Depuis le début du projet, seules deux femmes ont été accueillies dans les fermes. "Quand le 115 leur propose cet accueil, certaines ont un peu peur, constate Sophie Pattée. Elles ne connaissent pas forcément la vie à la campagne. Elles ont peur de ne pas pouvoir se déplacer, de trop s’éloigner de leurs proches. C’est parfois un frein.'

Mais le Civam n’entend pas renoncer car en milieu rural les violences conjugales existent aussi. Les chiffres sont même terribles. Alors que 30% de la population vit à la campagne, 50% des féminicides ont lieu en milieu rural.
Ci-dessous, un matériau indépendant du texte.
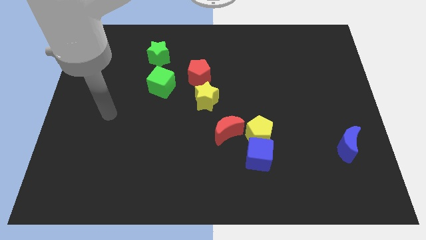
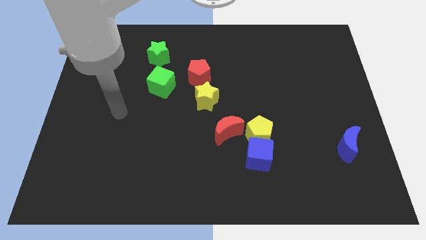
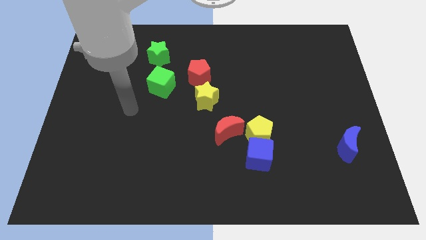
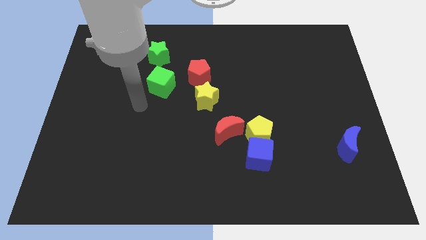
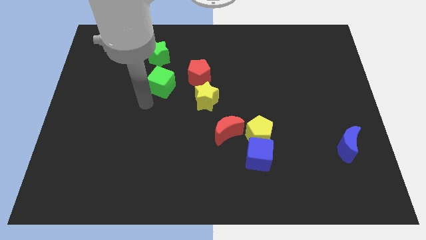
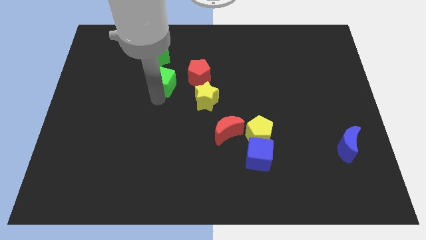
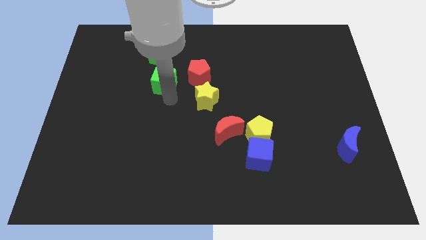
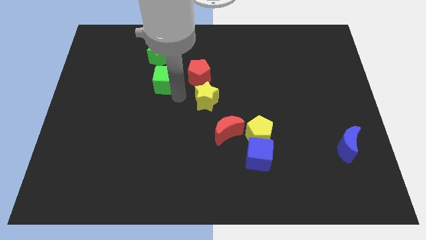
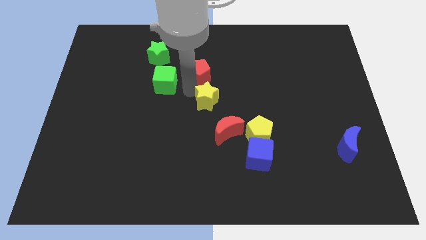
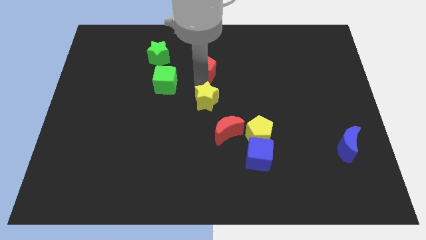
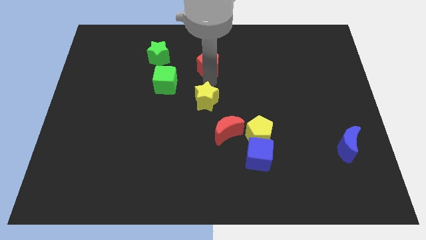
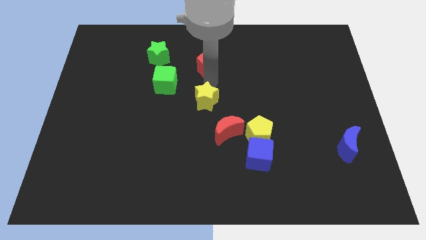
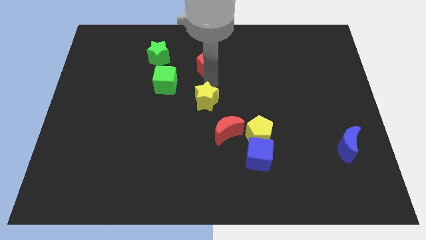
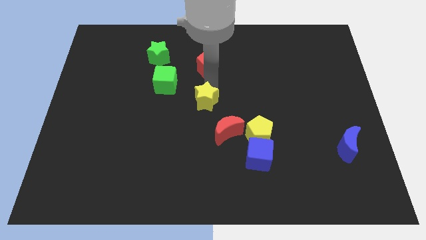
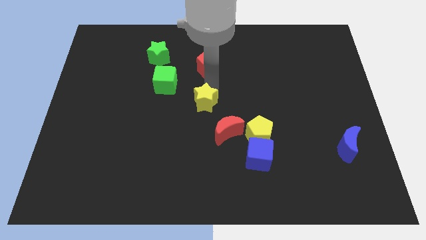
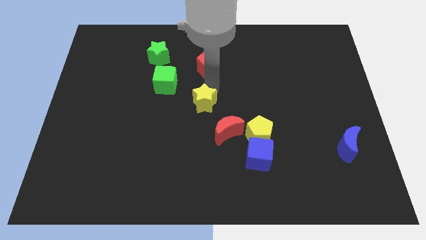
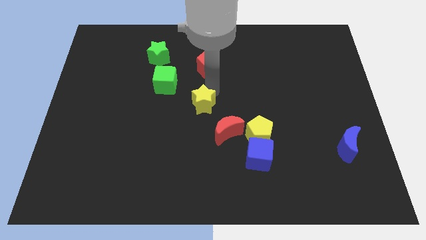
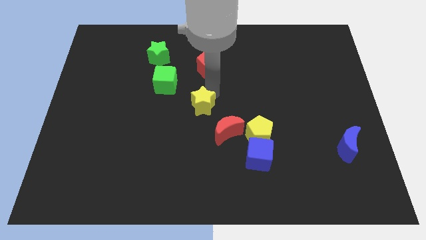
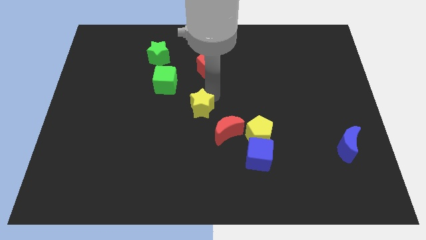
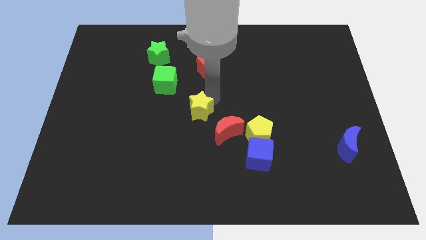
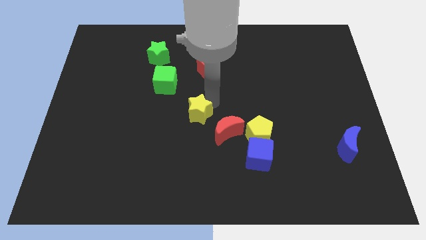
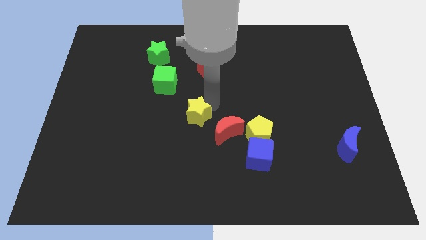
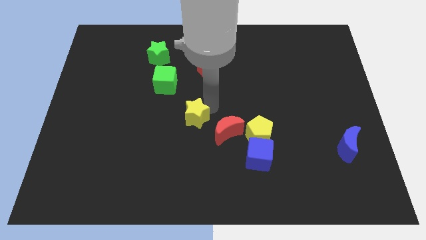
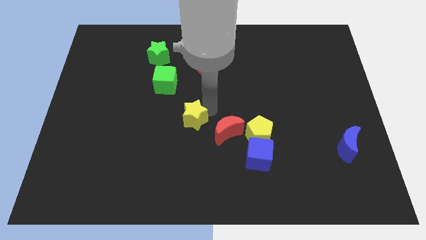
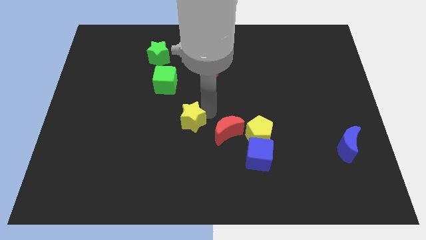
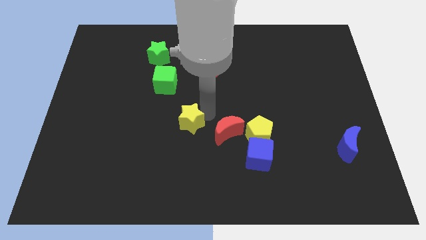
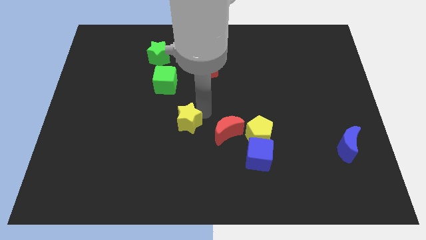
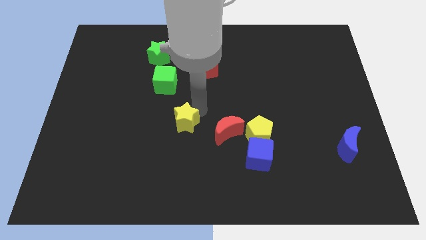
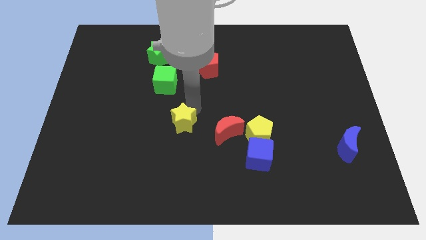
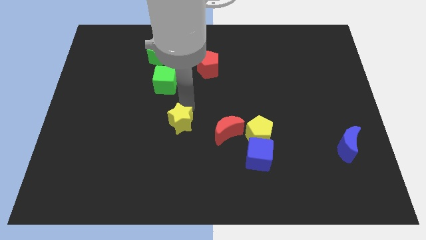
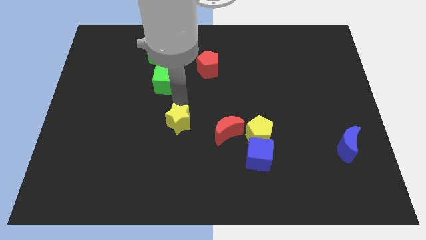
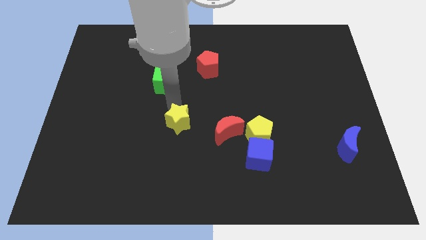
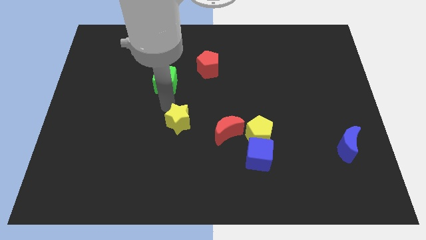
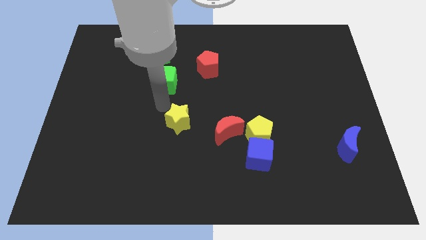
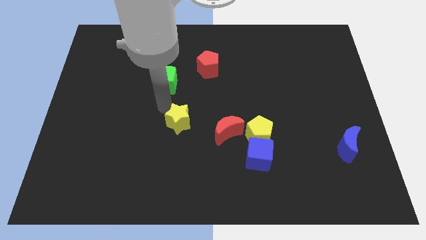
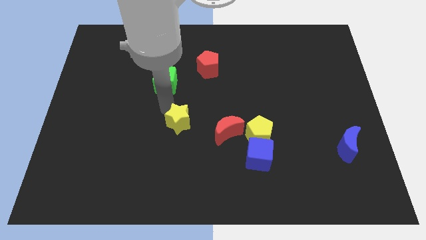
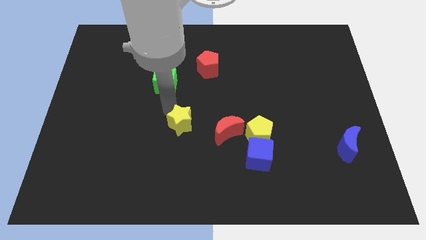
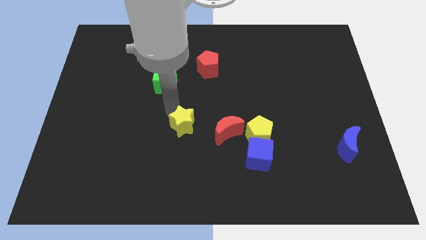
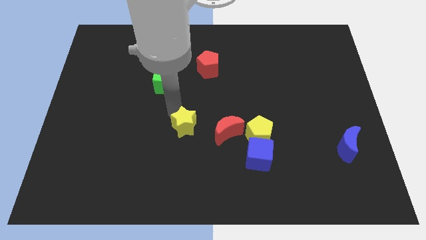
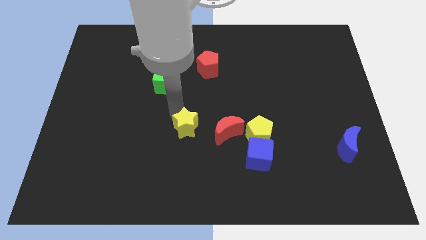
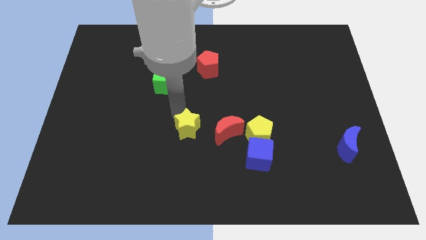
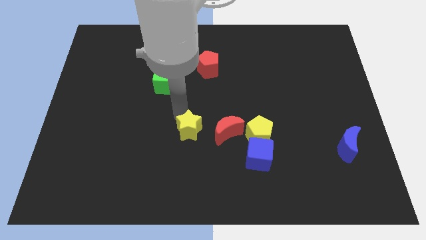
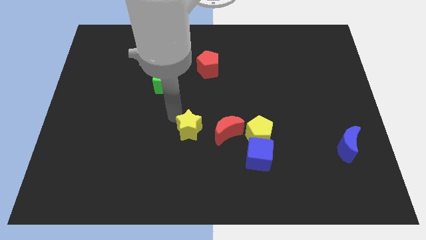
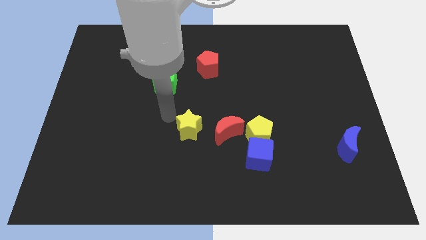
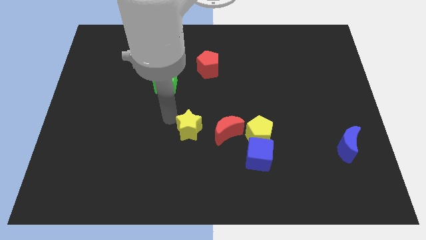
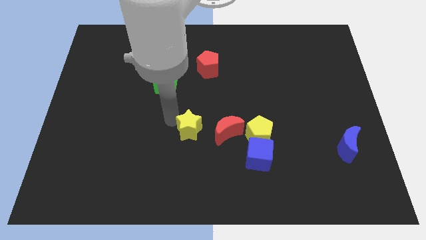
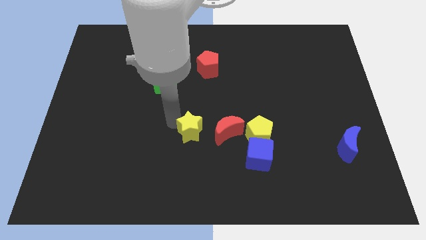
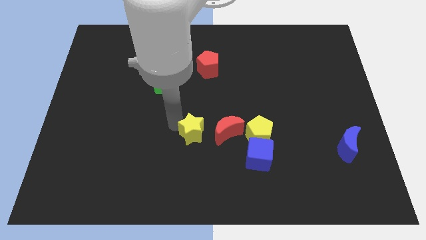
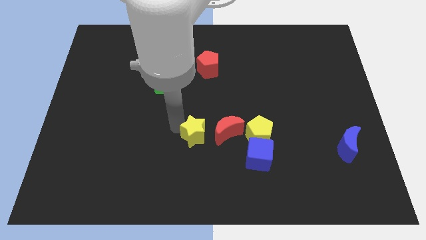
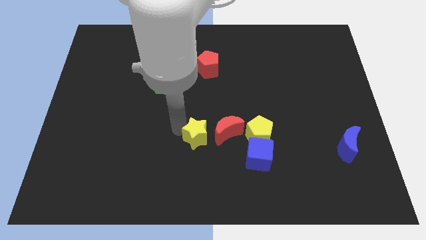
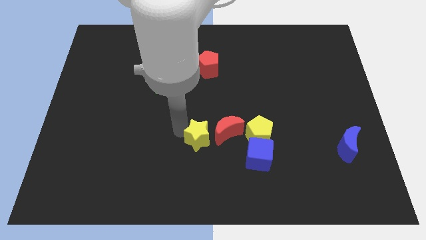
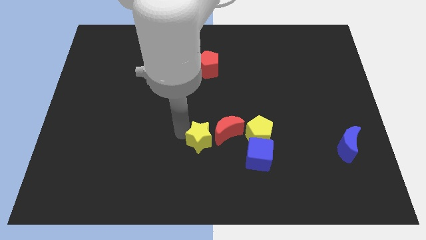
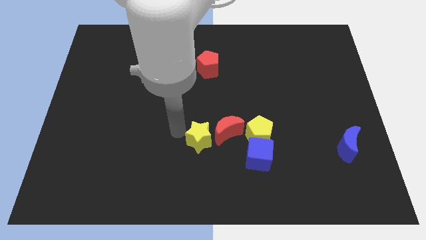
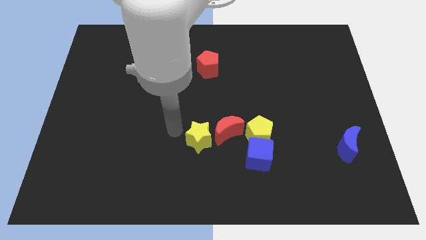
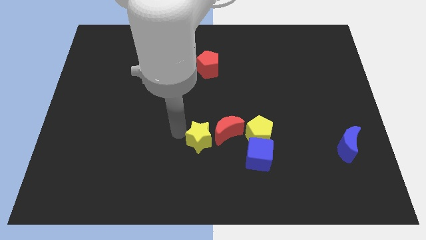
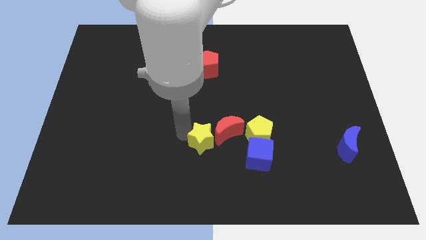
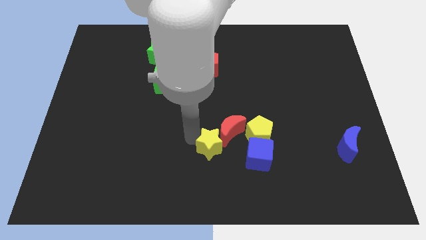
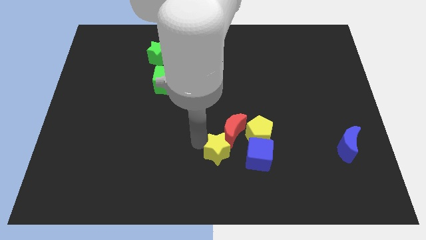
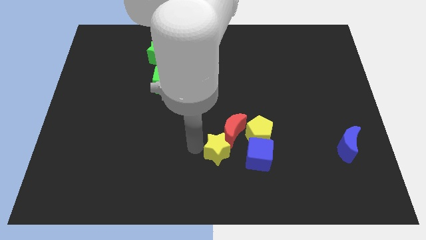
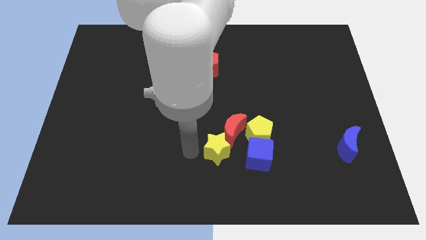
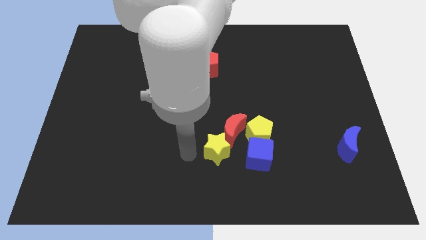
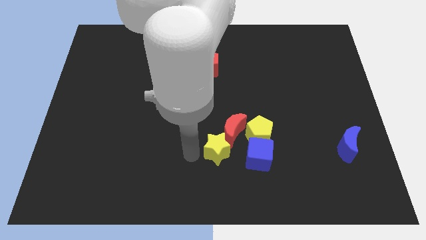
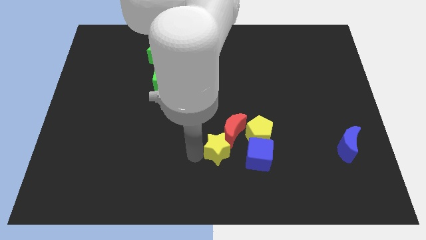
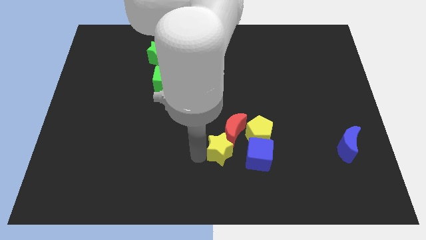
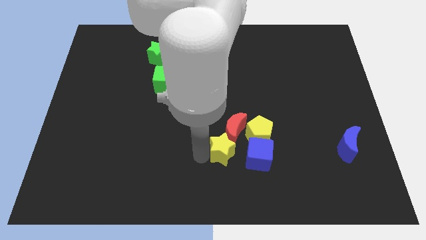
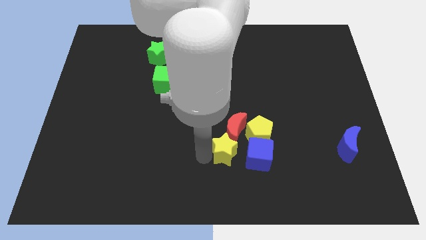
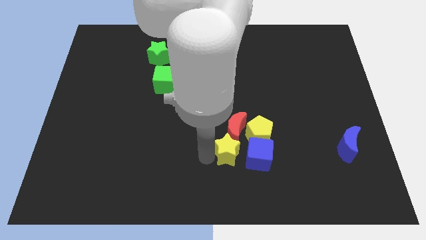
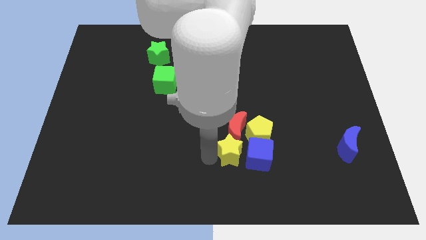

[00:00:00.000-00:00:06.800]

"C’est un univers où on trouve plus d’armes à feu, note Sophie Pattée et puis les femmes s’y sentent souvent plus isolées. Physiquement et moralement. Il n’y a pas de voisin pour entendre les cris ou les coups, pas forcément de voisine non plus à qui se confier."

"Et c'est un terrible paradoxe, les femmes sont seules mais en même temps, tout le monde les connaît. Elles ne peuvent donc pas non plus pousser la porte d’une gendarmerie par peur des regards des voisins, par crainte que le gendarme ne soit un copain de leur conjoint. Elles n’appellent à l’aide que quand elles sont menacées de mort." 

Alors, en cas de besoin, Sophie et Magali se tiennent prêtes à ouvrir leurs portes, poser une assiette sur la table. Si une femme appelle à l’aide, elles seront là ! 

*Pour que les auteurs des violences ne puissent retrouver les fermes accueillantes, il est important de ne pas révéler son identité.